§ **TASK STATEMENT**: After finding the line with "Elapsed: 2.7 seconds since image 1.", restate it and each remaining line of the material word for word, omitting every picture.

[Opening INPUT section]

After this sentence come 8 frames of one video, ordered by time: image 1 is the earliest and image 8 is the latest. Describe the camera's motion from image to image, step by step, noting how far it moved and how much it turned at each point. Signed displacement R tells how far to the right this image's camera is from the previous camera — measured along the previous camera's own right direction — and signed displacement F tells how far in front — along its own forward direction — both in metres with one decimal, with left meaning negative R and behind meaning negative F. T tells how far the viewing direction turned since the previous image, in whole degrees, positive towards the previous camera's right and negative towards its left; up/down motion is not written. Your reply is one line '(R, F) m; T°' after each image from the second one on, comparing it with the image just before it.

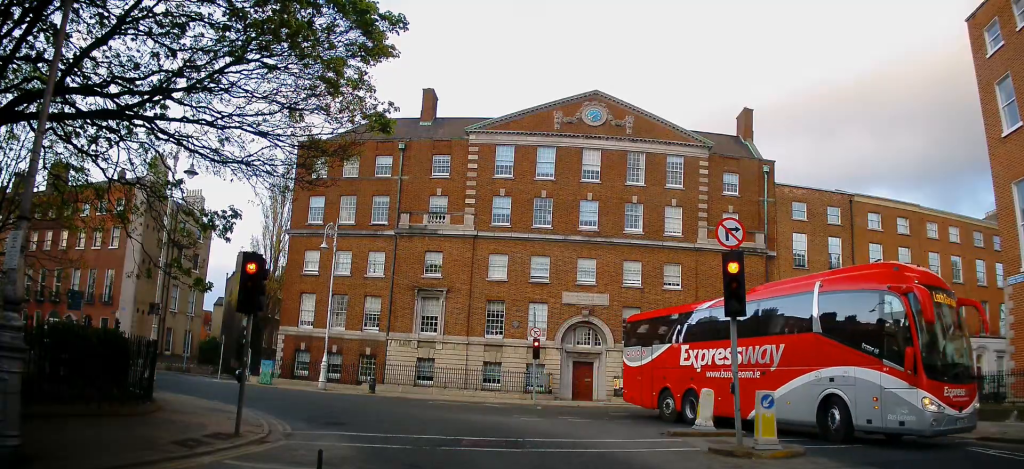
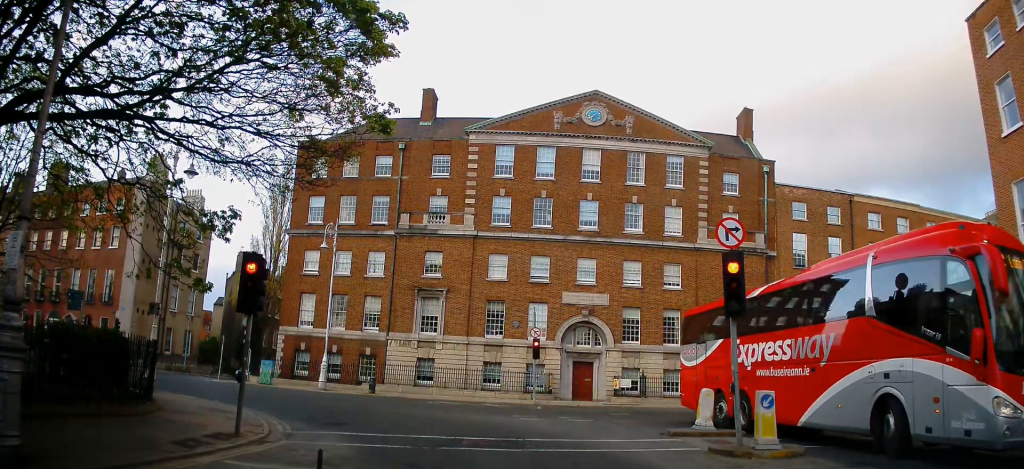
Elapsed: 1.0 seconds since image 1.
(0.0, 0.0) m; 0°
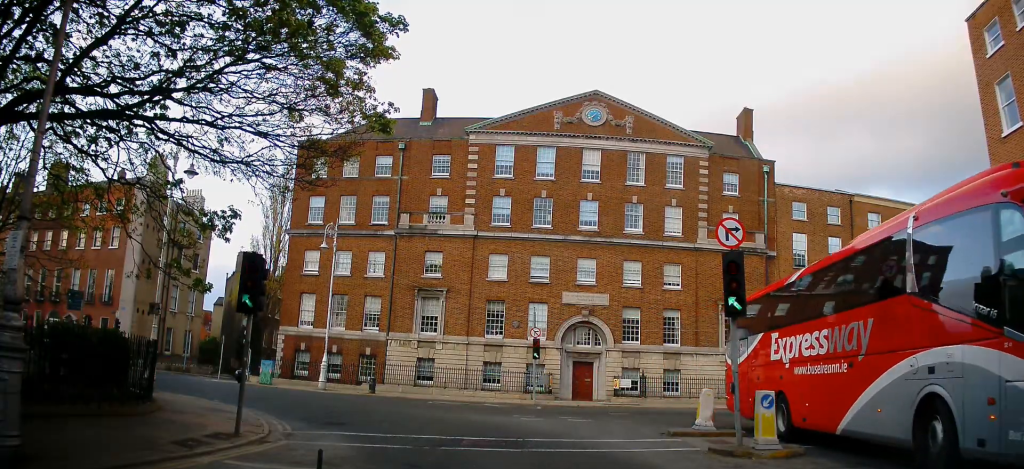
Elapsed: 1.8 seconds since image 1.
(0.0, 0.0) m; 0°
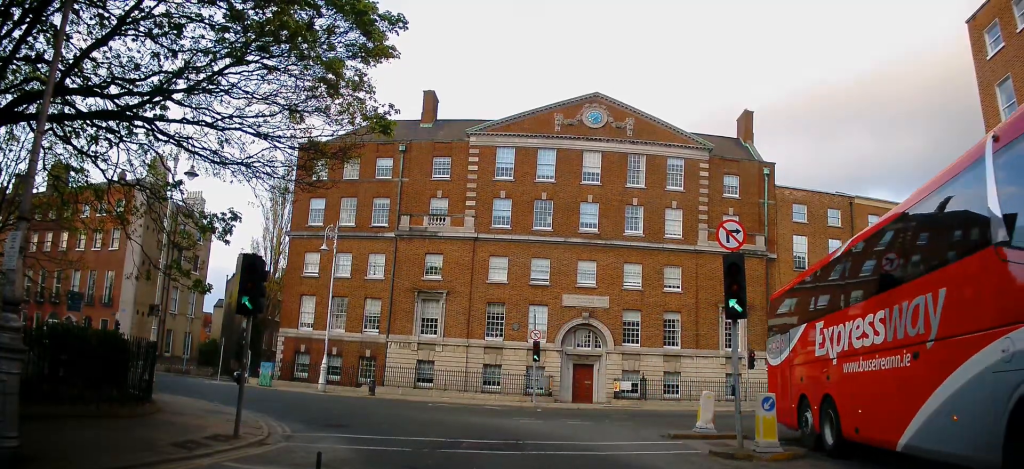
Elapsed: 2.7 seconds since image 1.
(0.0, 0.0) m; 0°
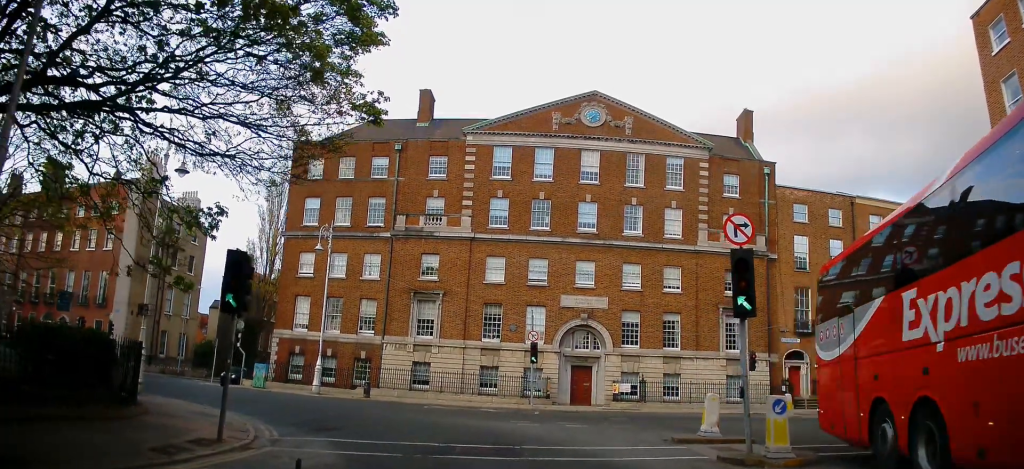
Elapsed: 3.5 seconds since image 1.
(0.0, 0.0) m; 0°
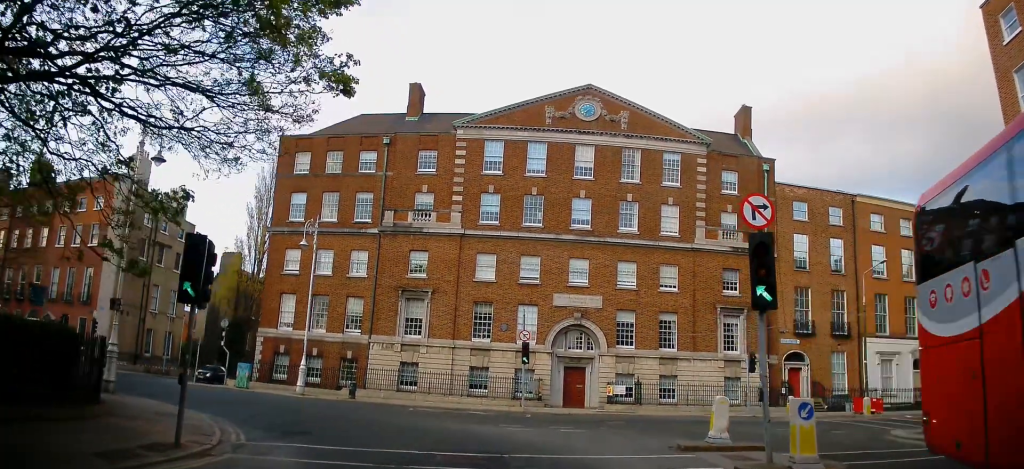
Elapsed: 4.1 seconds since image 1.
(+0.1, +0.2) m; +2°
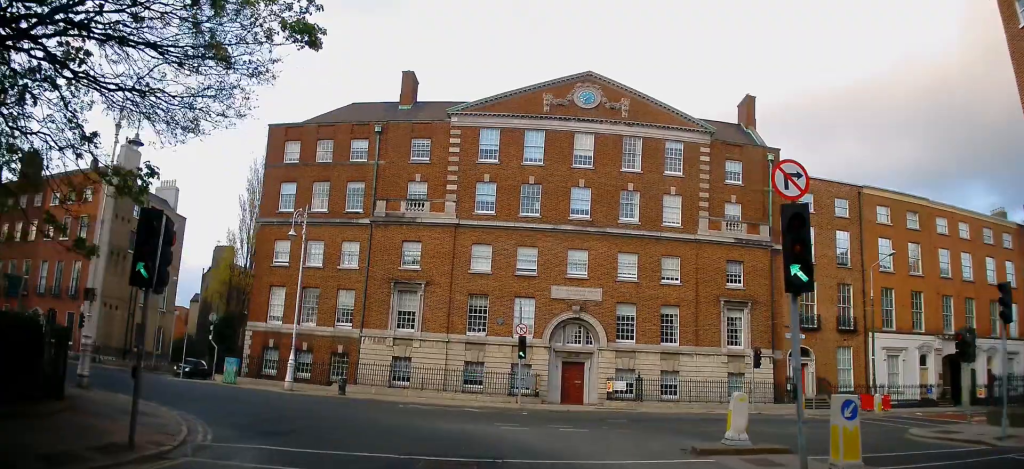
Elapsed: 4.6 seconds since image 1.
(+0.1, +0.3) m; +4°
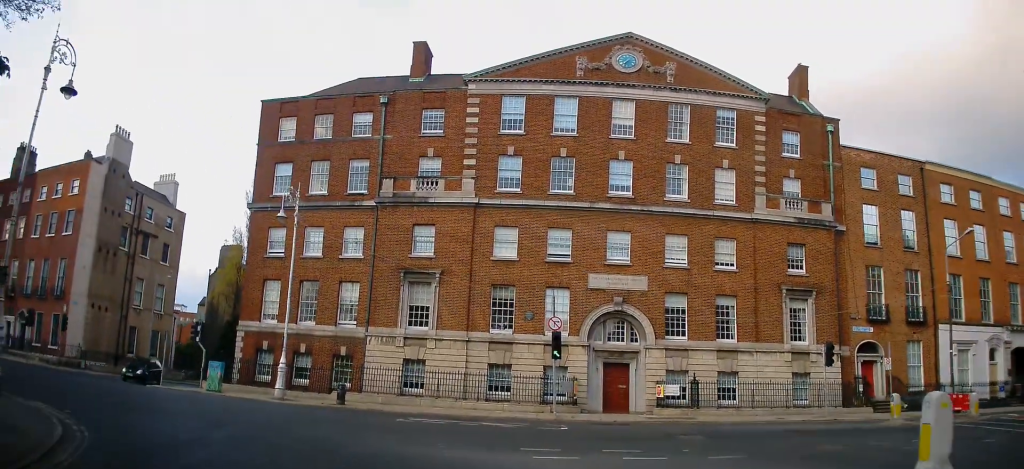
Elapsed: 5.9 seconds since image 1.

[Closing INPUT section]

§ **EXPECTED ANSWER**:
Elapsed: 2.7 seconds since image 1.
(0.0, 0.0) m; 0°
Elapsed: 3.5 seconds since image 1.
(0.0, 0.0) m; 0°
Elapsed: 4.1 seconds since image 1.
(+0.1, +0.2) m; +2°
Elapsed: 4.6 seconds since image 1.
(+0.1, +0.3) m; +4°
Elapsed: 5.9 seconds since image 1.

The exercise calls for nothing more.